3 Three Stages of Trust
In their model, Lewicki and Bunker (1995, 1996) identify three sequential, cumulative stages of trust: calculus-based trust, knowledge-based trust, and identification-based trust (Table 1).
In the first stage, calculus-based trust is based on the consistency of companies’ behavior and involves a continuous evaluation by government agencies leading to penalties for violations of trust and rewards for preserving it. This is the typical situation in the traditional command-and-control attitude of Dutch Customs, where they only trust companies after frequent inspections, and where they penalize companies if they detected a violation on inspection. This is a very minimalistic notion of trust.
The second stage of knowledge-based trust occurs when government agencies have enough knowledge about companies to understand them and to predict their likely behavior. A typical example of this type of trust is that Dutch Customs understands a company’s economic reasoning and that it knows how the company makes tradeoffs between profit maximization against the cost of the penalties and the likelihood of fraudulent practices being detected. Dutch Customs can use this knowledge about the company’s preferences to predict the company’s behavior.
Identification-based trust, the highest level of trust, is based on the identification of the desires and intentions of companies by government agencies. This is the public–private partnership situation where a company is signaling to Dutch Customs that they are willing to balance their profit maximization with societal responsibility and good corporate governance by implementing measures and enterprise information systems for being in control of their own processes. In this case, Dutch Customs would be able to expect responsible behavior from the company and be more confident that the company will in fact pay the taxes and customs duties it owes. In this case, genuine trust exists, because there is a mutual understanding and appreciation of each others’ norms and values. The mutual understanding has reached a level where parties are able to act on behalf of the other. This requires the company to espouse societal values and responsibility on the one hand (which relates to a company being in control of its own business processes). On the other hand, it requires Dutch Customs to understand that they should actively enable companies to maximize their profits. In particular, Dutch Customs should take the responsibility to reduce the transaction costs incurred by inspections and, hence, minimize the transaction costs of inspections of trusted companies, such as AEO certificate holders.
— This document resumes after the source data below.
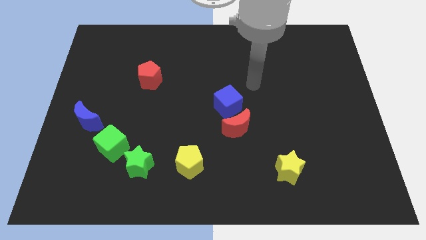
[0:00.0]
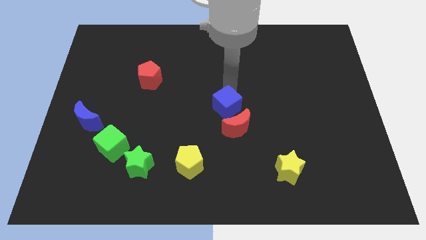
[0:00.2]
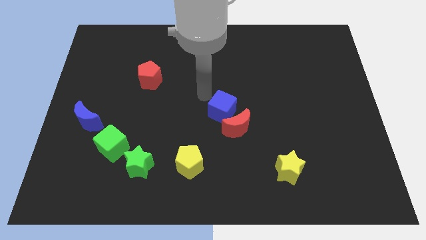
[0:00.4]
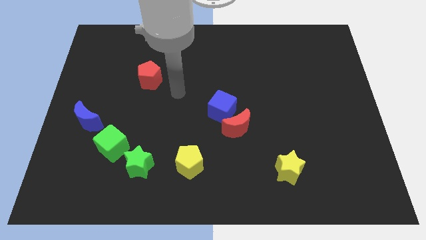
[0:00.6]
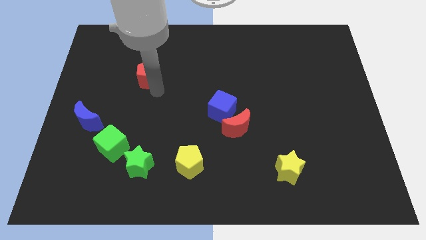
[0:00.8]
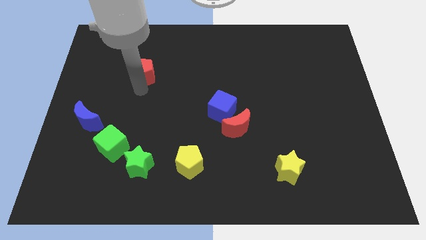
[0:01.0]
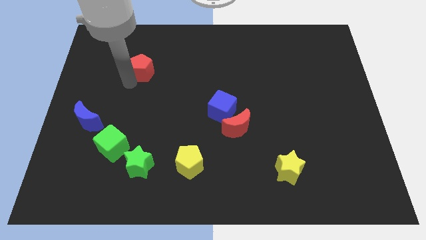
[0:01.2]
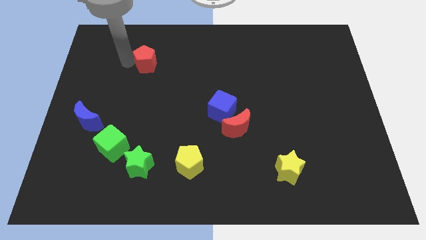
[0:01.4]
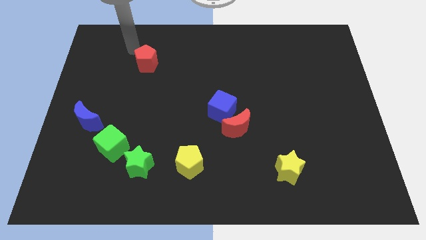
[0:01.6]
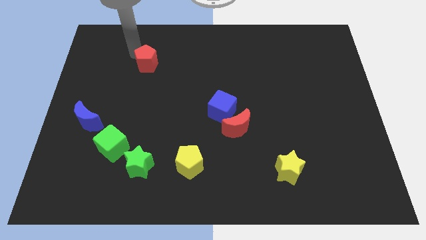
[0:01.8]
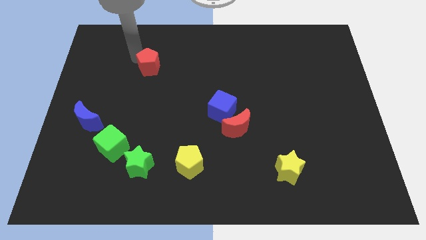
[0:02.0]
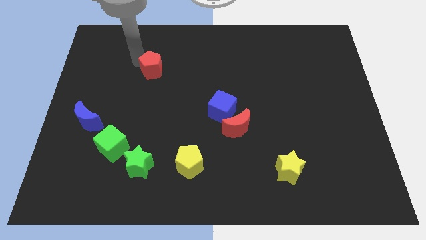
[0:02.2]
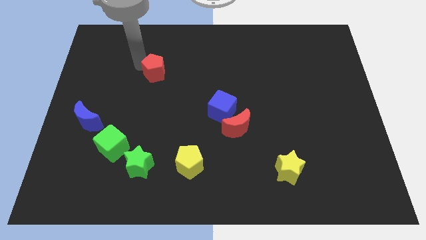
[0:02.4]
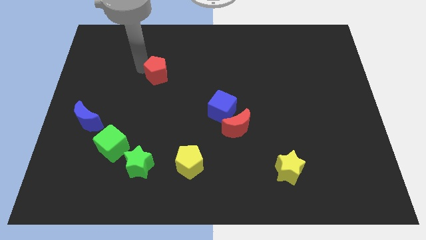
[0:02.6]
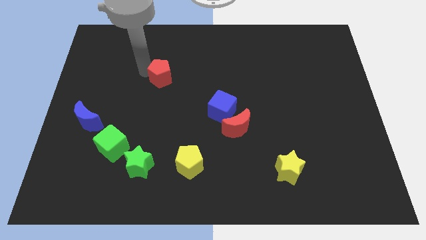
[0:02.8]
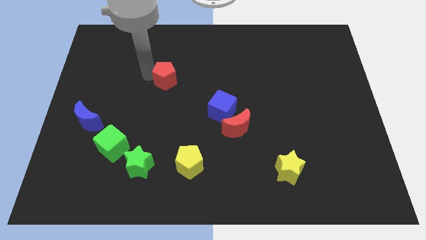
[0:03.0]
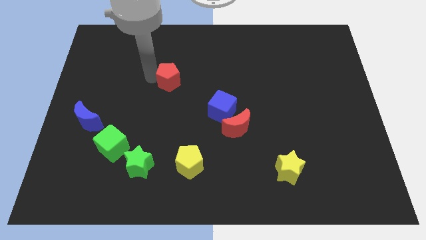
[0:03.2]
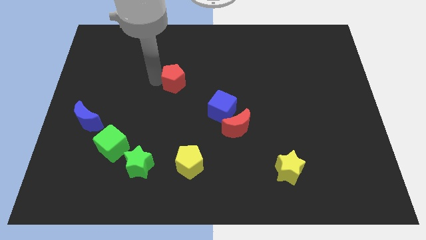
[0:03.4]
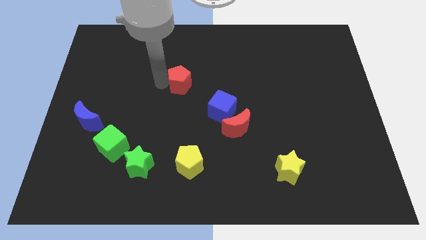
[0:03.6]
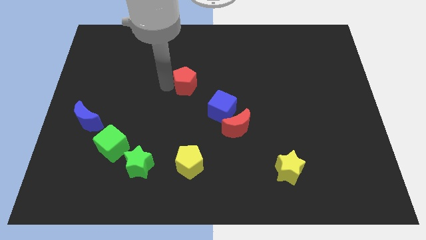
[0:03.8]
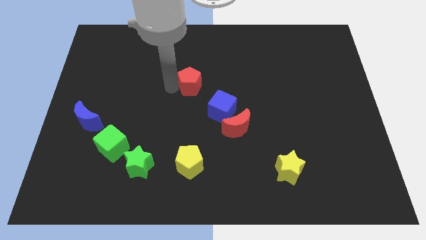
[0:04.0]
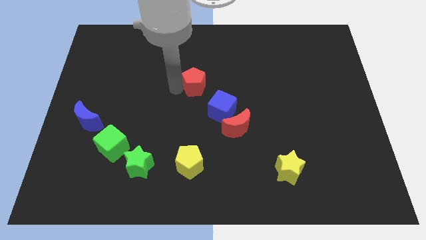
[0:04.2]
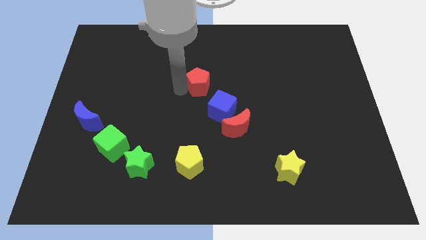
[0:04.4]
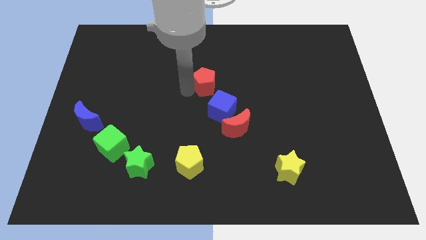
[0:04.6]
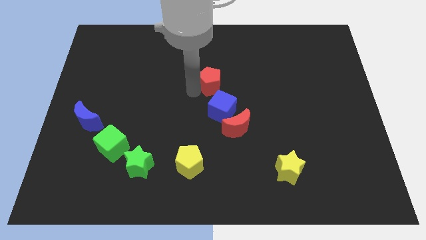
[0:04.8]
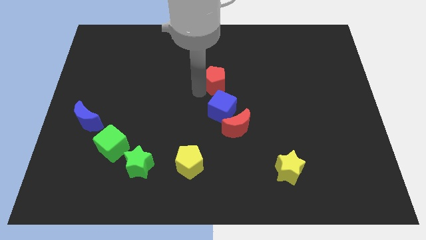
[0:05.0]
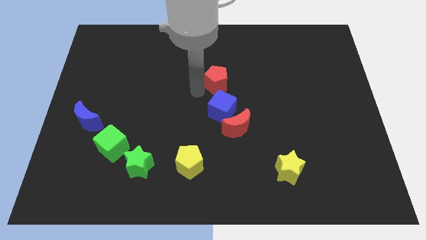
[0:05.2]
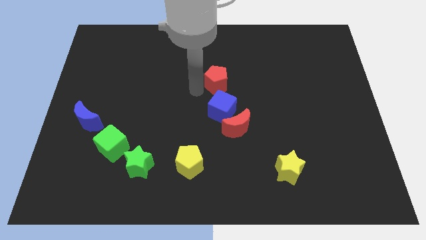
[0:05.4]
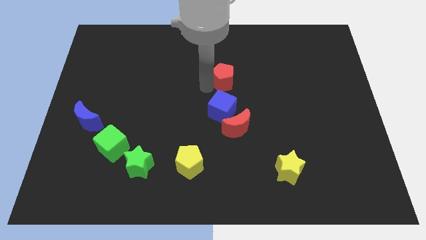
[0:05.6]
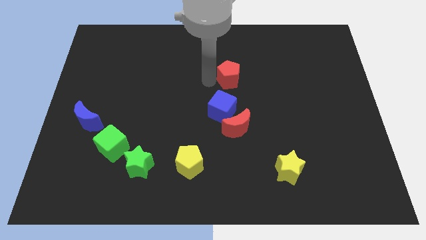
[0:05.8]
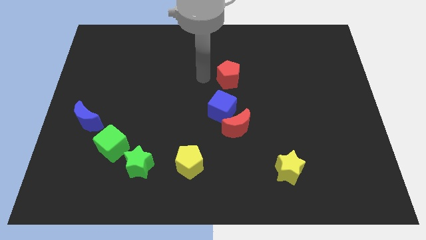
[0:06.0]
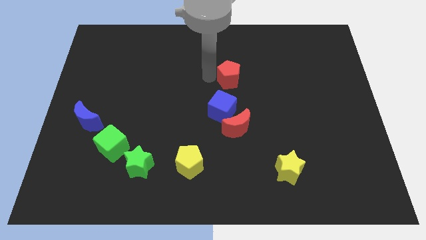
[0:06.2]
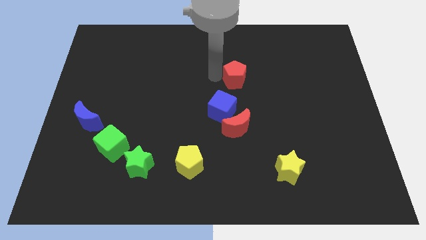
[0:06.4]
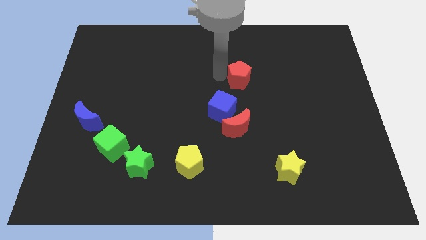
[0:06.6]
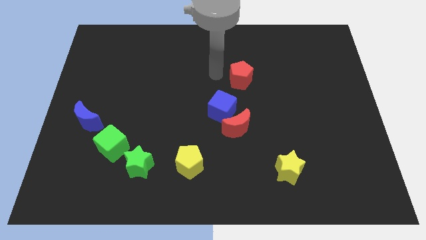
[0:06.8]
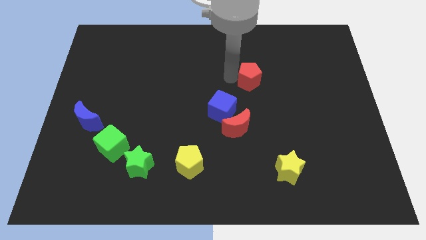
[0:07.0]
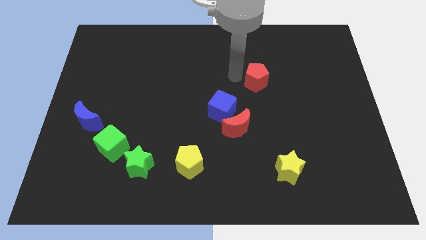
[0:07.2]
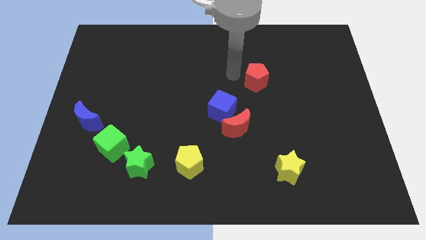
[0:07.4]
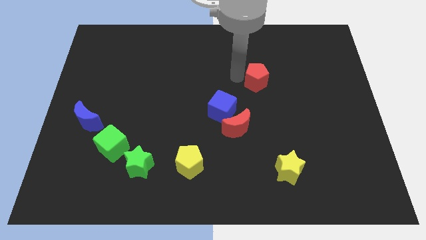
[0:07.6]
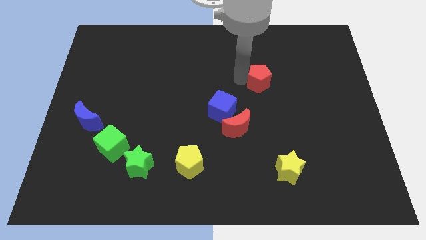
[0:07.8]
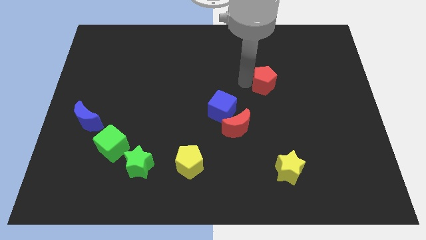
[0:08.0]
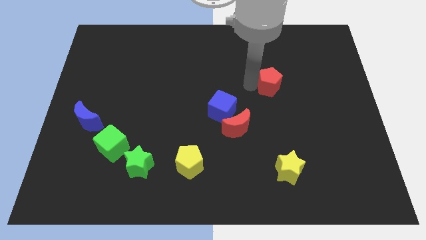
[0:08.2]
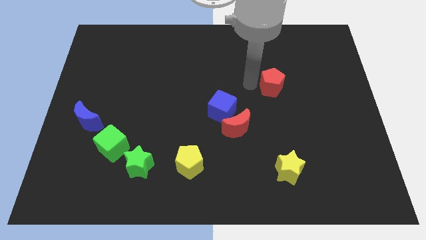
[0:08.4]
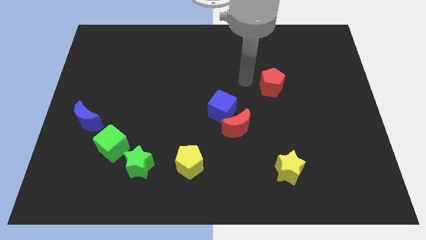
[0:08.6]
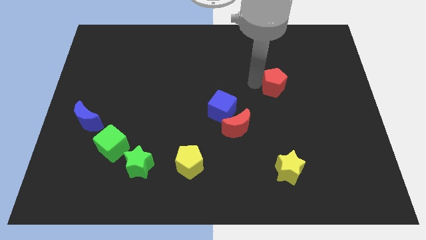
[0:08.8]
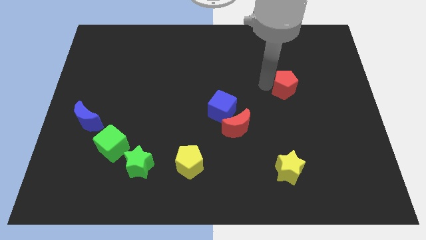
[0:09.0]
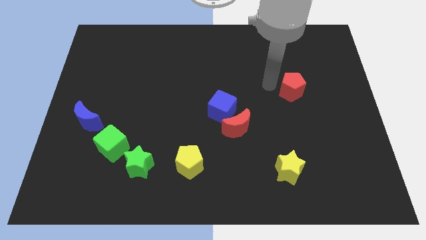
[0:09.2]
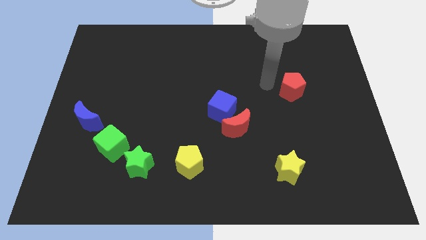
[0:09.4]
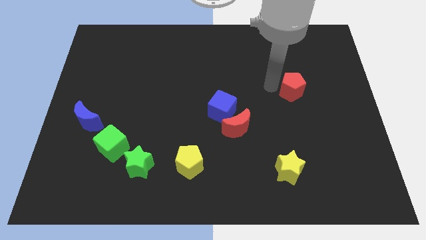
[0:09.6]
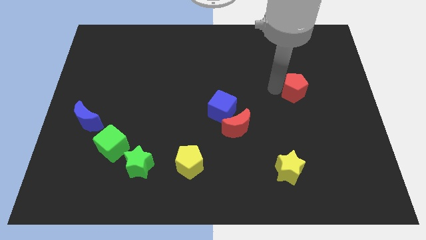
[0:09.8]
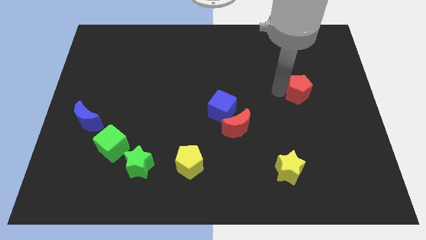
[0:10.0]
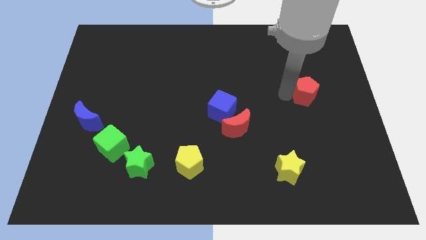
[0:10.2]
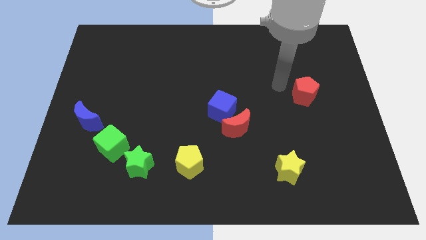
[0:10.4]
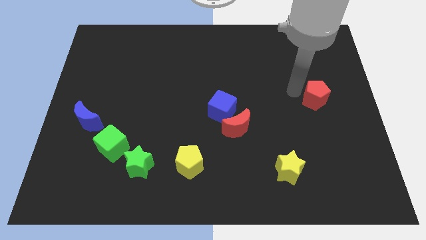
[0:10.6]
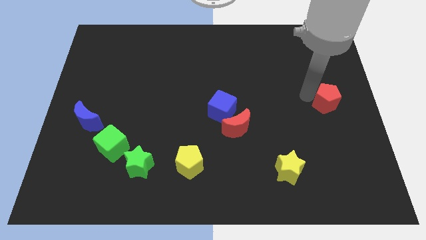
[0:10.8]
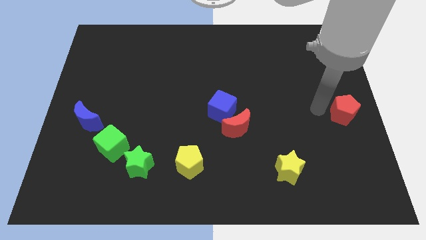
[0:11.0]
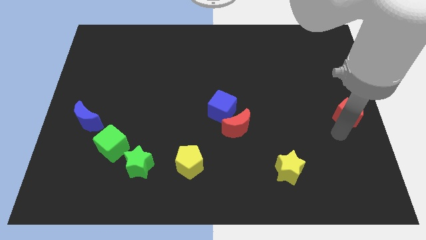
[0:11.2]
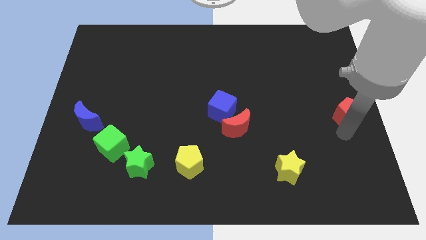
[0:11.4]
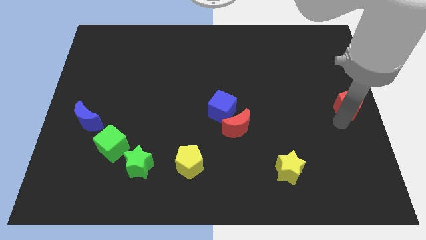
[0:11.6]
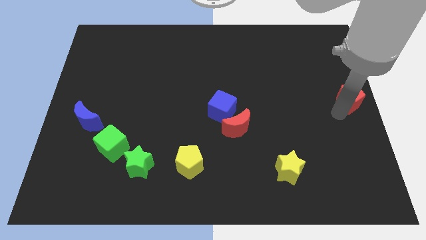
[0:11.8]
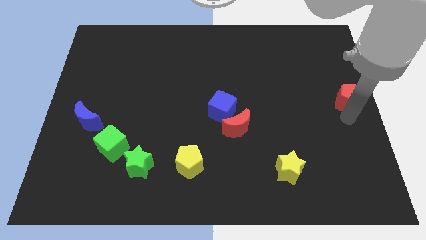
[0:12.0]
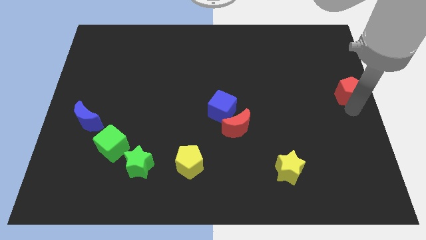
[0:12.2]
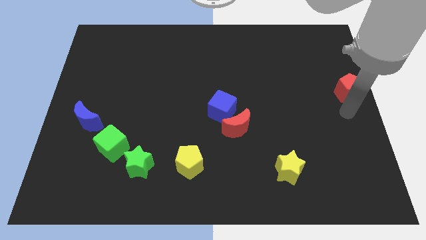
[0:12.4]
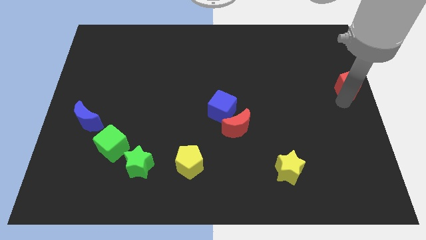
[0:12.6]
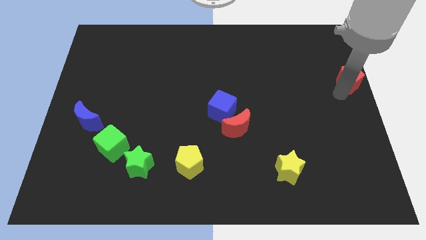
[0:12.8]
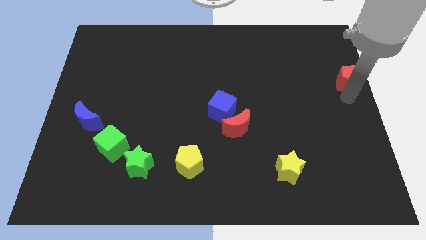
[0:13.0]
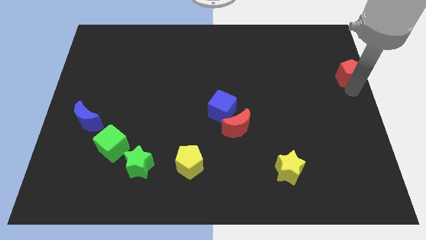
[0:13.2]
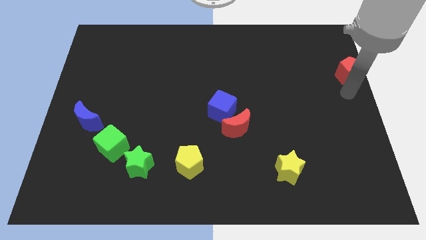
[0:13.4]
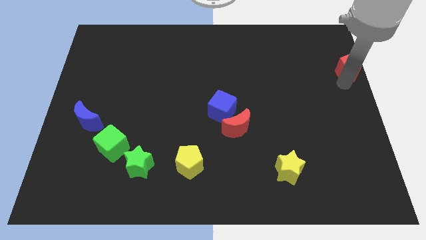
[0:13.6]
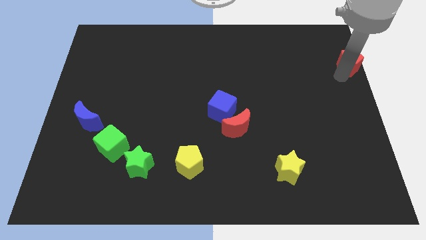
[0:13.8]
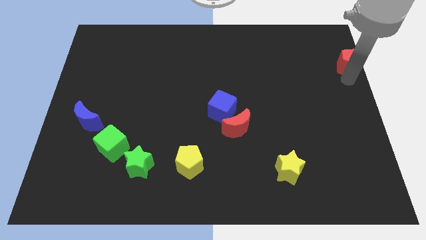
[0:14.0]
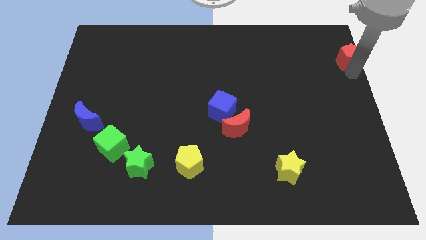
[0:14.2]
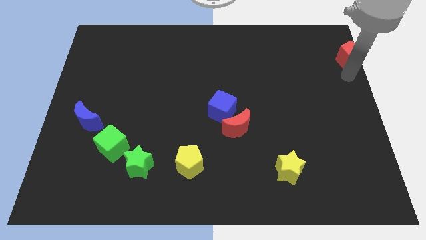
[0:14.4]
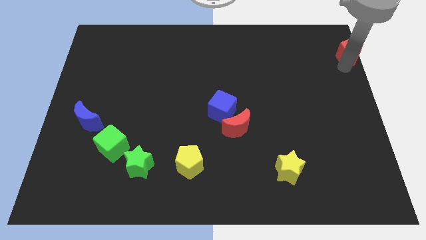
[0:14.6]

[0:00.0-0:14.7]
push the red pentagon to the top right corner

Since each stage has a different basis on which trust is built, the parties in the trust relationship use different information in each stage to determine the validity of the trust relationship. For the relationship to evolve to the next stage, sufficient information that supports the validity of the perceived trust must be gathered. The table below summarizes the trust bases and accompanying information needs of government agencies for each stage.
The model of Lewicki and Bunker makes clear that if trust in the full, genuine sense of identification-based trust is to be established between companies and governments in participative supervision models, then companies will have to do more than just making information about their businesses available. IT systems that merely make control data available would be sufficient for establishing calculus-based trust. IT systems that make business processes transparent and that make clear that companies are in control of these processes in accordance with the COSO standard, may easily establish simple knowledge-based trust by providing only for the information needs of government agencies in the second stage of trust. For full identification-based trust, the IT systems of companies should also incorporate and acknowledge the needs and values of these agencies. A complication in taking this last step is that it can be argued that incorporating governmental needs and values is something different from merely providing more or different information. These governmental needs and values should rather serve as input for designing the IT tool, which practically turns the designing of such tools into a project in which IT developers not only design a system for their companies but also for the government agencies concerned.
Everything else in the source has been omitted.